The criterium "uniformly minimum mean square error" is also "unbiasedness and uniformly of minimum variance" for the parametric function "expectation of the estimator".
Other article on "unbiased multivariate regression estimation" (in Spanish) has been published recently (October 2016). You can see it in the Contributions of my profile in RG.
Thank you for the invitation. I am not professional in this field and, thus, I will not risk an answer to the question. Nevertheless, the discussion thread will be a good opportunity for me to start learning about this interesting subject.
In some circumstances, when there is not a known unbiased estimator for the parametric function, it would be possible to use biased estimation with good accuracy properties.
It is not statistically proper to use biased estimator.
The estimator to be used should have the minimum four qualities namely consistency, unbiasedness, efficiency and sufficiency.
However, if in a situation there does not exist unbiased estimator then in such situation a biased estimator can be used provided that it satisfies the other qualities.
The major purpose to introduce new estimators is to minimize variability in estimates. If MSE of a biased estimator is less than the variance of an unbiased estimator, we may prefer to use biased estimator for better estimation.
An estimator to be used should satisfy basically four properties/criteria. These four criteria are consistency, unbiasness, efficiency and sufficiency. Some other properties are completeness, compactness etc.
However, consistency is an essential property while unbiasness is a desirable property.
Consistency can not be sacrificed. On the other hand, unbiasness is also not sacrificed usually. It may be sacrificed only in unavoidable situation. However, in that situation consistency must be remained intact.
Thus, it is scientifically not correct to use a biased estimator for a parameter when there is an unbiased estimator for it.
Only in unavoidable situation, it is suggested to use a biased estimator (which must be consistent) for a parameter when there is no unbiased estimator for it.
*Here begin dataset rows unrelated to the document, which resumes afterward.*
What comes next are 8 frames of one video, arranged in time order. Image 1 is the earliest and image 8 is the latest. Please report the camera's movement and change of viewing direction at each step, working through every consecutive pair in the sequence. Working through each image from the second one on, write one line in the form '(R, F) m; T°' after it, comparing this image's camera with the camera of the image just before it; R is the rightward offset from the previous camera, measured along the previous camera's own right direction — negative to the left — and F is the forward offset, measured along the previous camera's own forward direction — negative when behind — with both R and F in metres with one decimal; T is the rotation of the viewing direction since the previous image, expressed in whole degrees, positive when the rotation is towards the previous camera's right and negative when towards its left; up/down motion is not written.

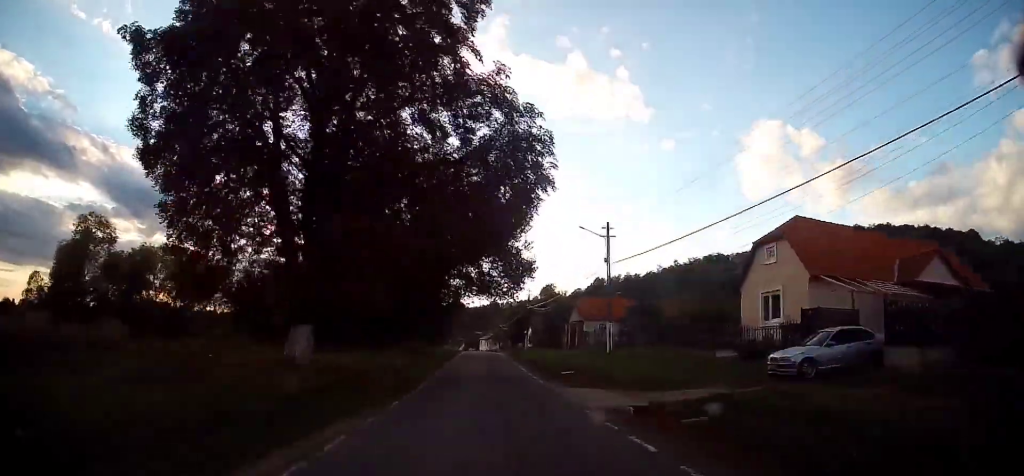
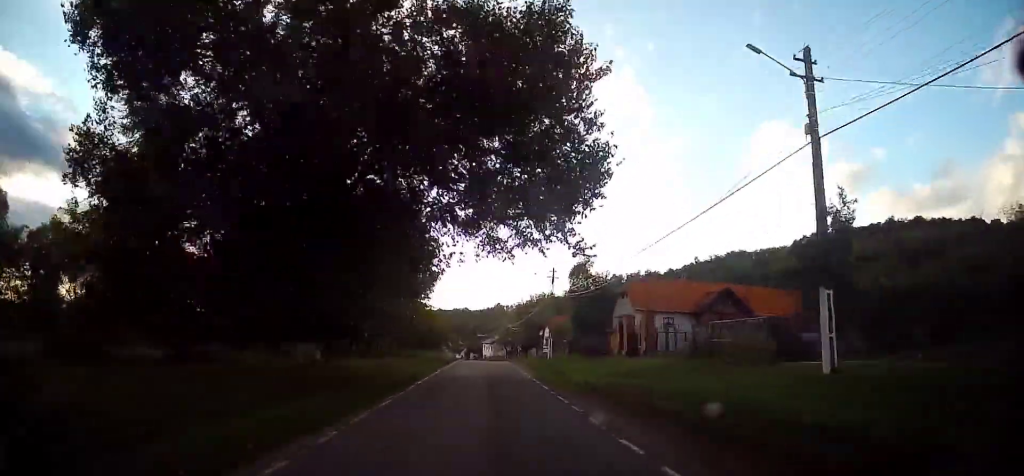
(+0.1, +22.8) m; 0°
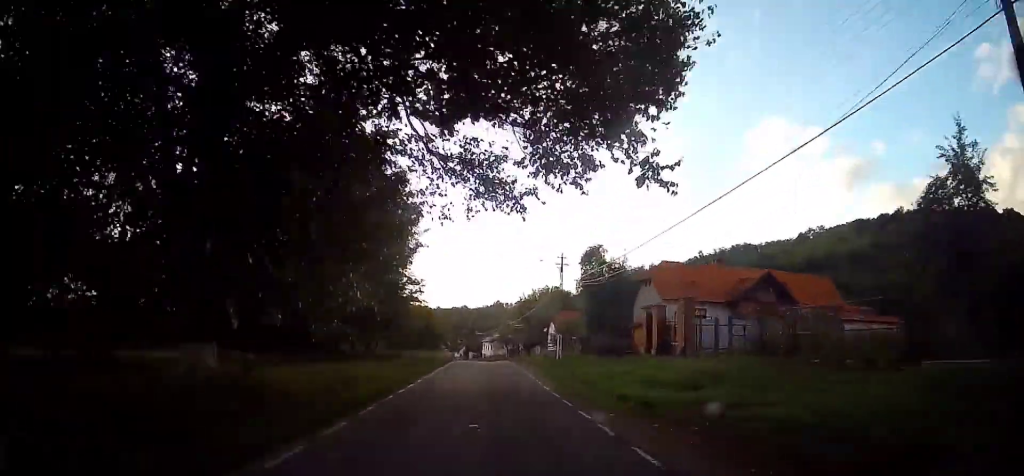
(+0.1, +6.6) m; 0°
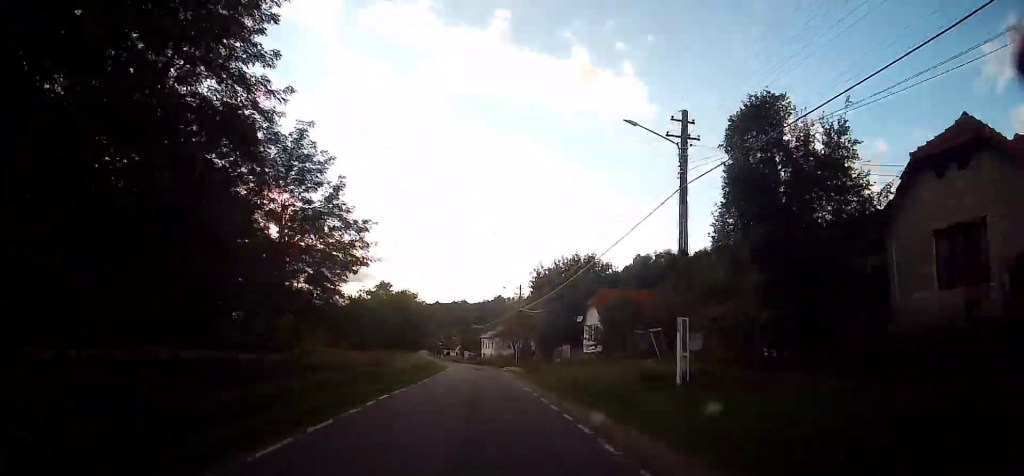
(0.0, +26.6) m; 0°
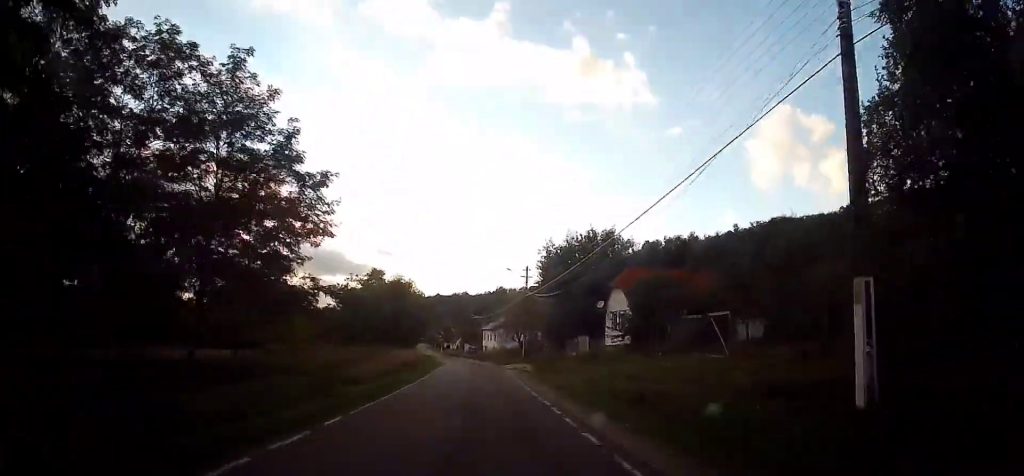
(0.0, +8.0) m; -1°
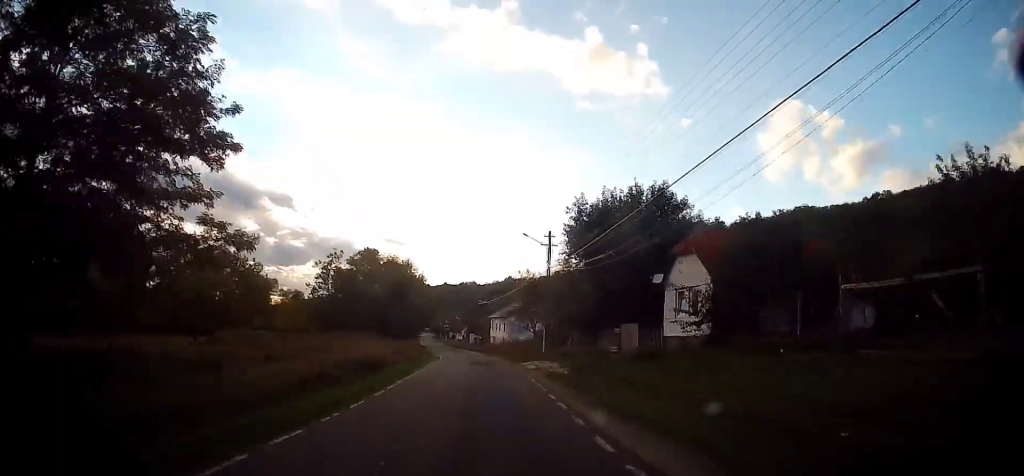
(-0.3, +11.3) m; -1°
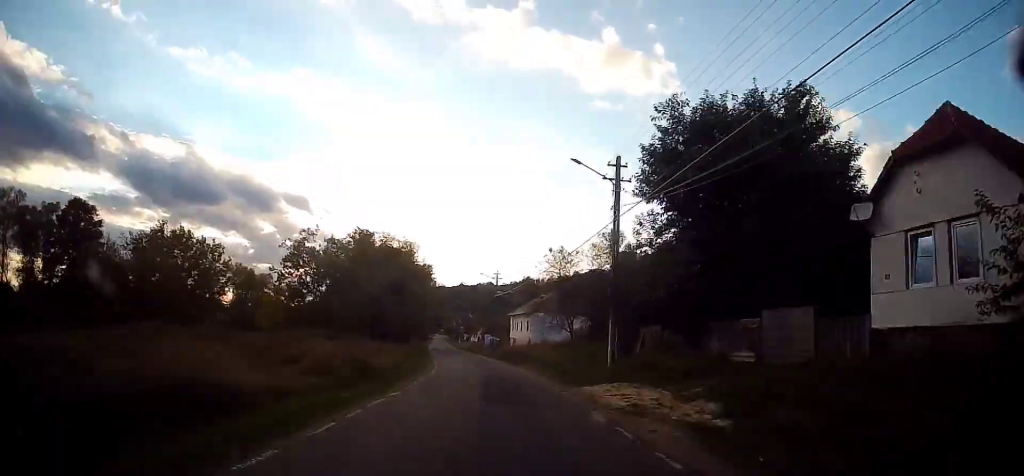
(0.0, +14.5) m; 0°
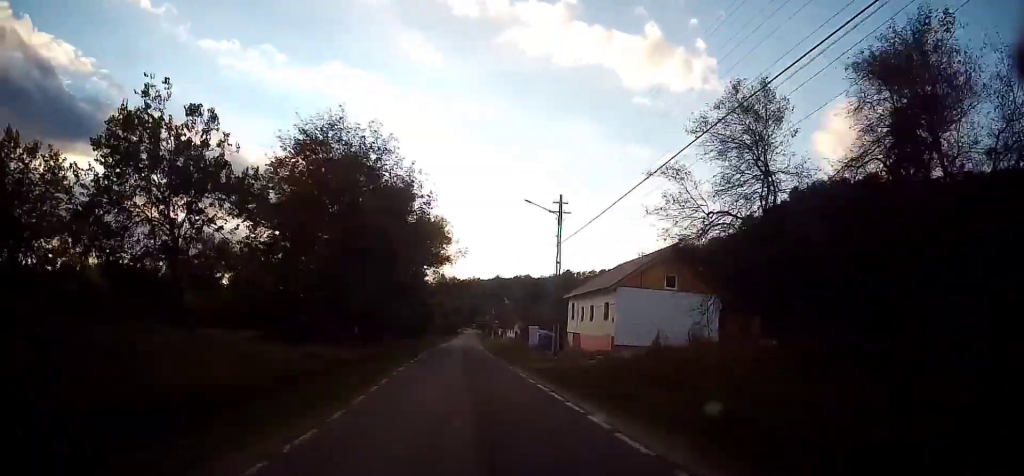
(-0.7, +27.2) m; -3°

Here you have an article which presents an optimal unbiased estimator for distribution free setting which is better than linear regression estimator, ratio estimator and product estimator among all others based on an auxiliary variable: "Recientes frutos en bioestadística" of 2018, in my Research, Articles.
"Sobre la optimización del estimador de regresión lineal" provides an unbiased estimator based on the same conditions of linear regression estimator and it is optimal (uniformly of minimum variance) for estimating the finite population mean of an interest variable. You can see it in my profile too (year 2022).
I have not found any reason for choosing a biased estimator over an unbiased estimator when the later exists. Only in unavoidable situation, it is suggested to use a biased estimator (which must be consistent) for a parameter when there is no unbiased estimator for it.